- Frankstown Location within Pennsylvania Frankstown Location within the United States
- Coordinates: 40°26′38″N 78°21′17″W﻿ / ﻿40.44389°N 78.35472°W
- Country: United States
- State: Pennsylvania
- County: Blair
- Township: Frankstown

Area
- • Total: 0.058 sq mi (0.15 km^{2})
- • Land: 0.058 sq mi (0.15 km^{2})
- • Water: 0 sq mi (0.00 km^{2})
- Elevation: 945 ft (288 m)

Population (2020)
- • Total: 96
- • Density: 1,677.1/sq mi (647.54/km^{2})
- Time zone: UTC-5 (Eastern (EST))
- • Summer (DST): UTC-4 (EDT)
- ZIP Code: 16648 (Hollidaysburg)
- Area codes: 814/582
- FIPS code: 42-27592
- GNIS feature ID: 2805501

= Frankstown, Pennsylvania =

Unincorporated community in Pennsylvania, US

Frankstown is an unincorporated community and census-designated place (CDP) in Blair County, Pennsylvania, United States. It was first listed as a CDP prior to the 2020 census.

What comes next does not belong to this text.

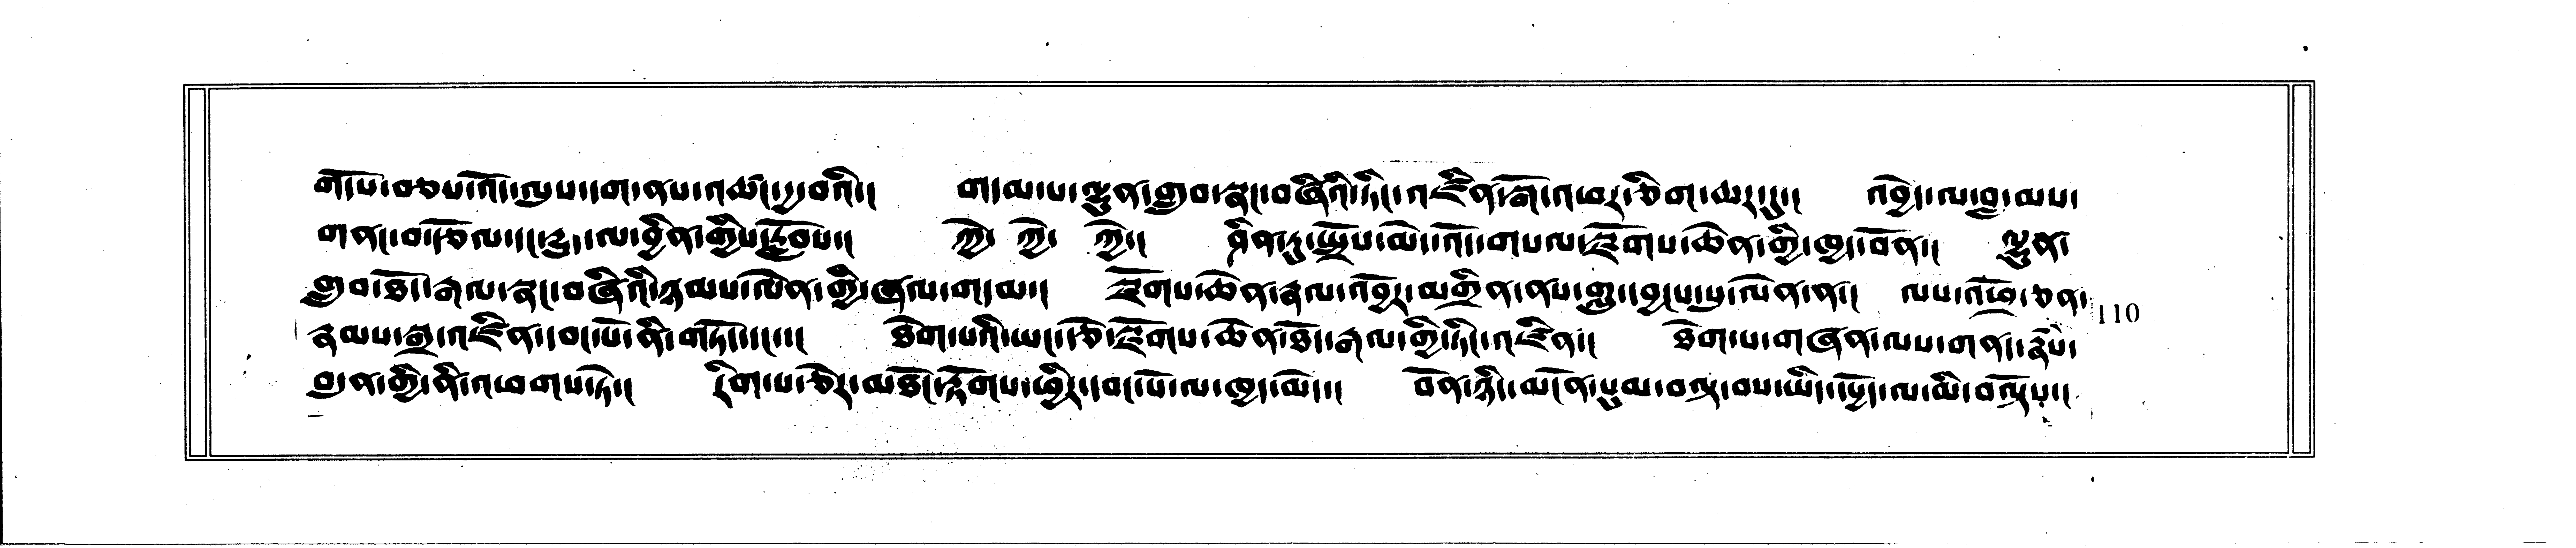གདོས་བཅས་འོད་ལུས་དག་ནས་འཚང་རྒྱ་བའི། །གདམ་པ་ལྷུན་གྲུབ་སྣང་བཞིའི་ཏིང་འཛིན་སྒོ་འཕར་གཅིག་ཆར་དུ། །འབྱེད་ལ་བླ་མས་
གནང་བ་སྩོལ་དང་རྒྱུད་ལ་བྱིན་གྱིས་རློབས། །ཀྱེ་ཀྱེ་ཀྱེ། ཤིན་ཏུ་སྤྲོས་མེད་འོད་གསལ་རྫོགས་ཆེན་གྱི་ཁྱད་བོན། །ལྷུན་
གྲུབ་ཐོད་རྒལ་སྣང་བཞིའི་ཉམས་ལེན་གྱི་ཞལ་གདམ། །རྫོགས་ཆེན་རྣལ་འབྱོར་མགྲིན་ནས་གླུ་དབྱངས་སུ་ལེན་ན། །ལས་འཕྲོ་ཅན་
རྣམས་སྒྲ་འཛིན་དབང་པོ་ནི་གཏོད་དང་། །ཐེག་པའི་ཡང་རྩེ་རྫོགས་ཆེན་ཐོད་རྒལ་གྱི་ཏིང་འཛིན། །ཐེག་པ་གཞན་ནས་གནད་རྣམས་
བདུན་ནི་འཕགས་ཏེ། །རིག་པ་གཅེར་མཐོང་རྟོགས་ཕྱིར་དབང་པོ་ལ་ཁྱད་མེད། །བོན་ཉིད་མངོན་སུམ་བལྟ་བས་ཡིད་དཔྱོད་ལ་མི་བལྟོས། །

The CDP is in central Blair County, on the west side of Frankstown Township. It is bordered to the southeast by U.S. Route 22, which leads southwest 2.5 mi to Hollidaysburg and east 25 mi to Huntingdon. The community and surrounding township give their name to the Frankstown Branch Juniata River, which passes the CDP just south of US-22.

==Demographics==

Historical population
| Census | Pop. | Note | %± |
| 2020 | 96 |  | — |
U.S. Decennial Census

==Education==
The school district is Hollidaysburg Area School District.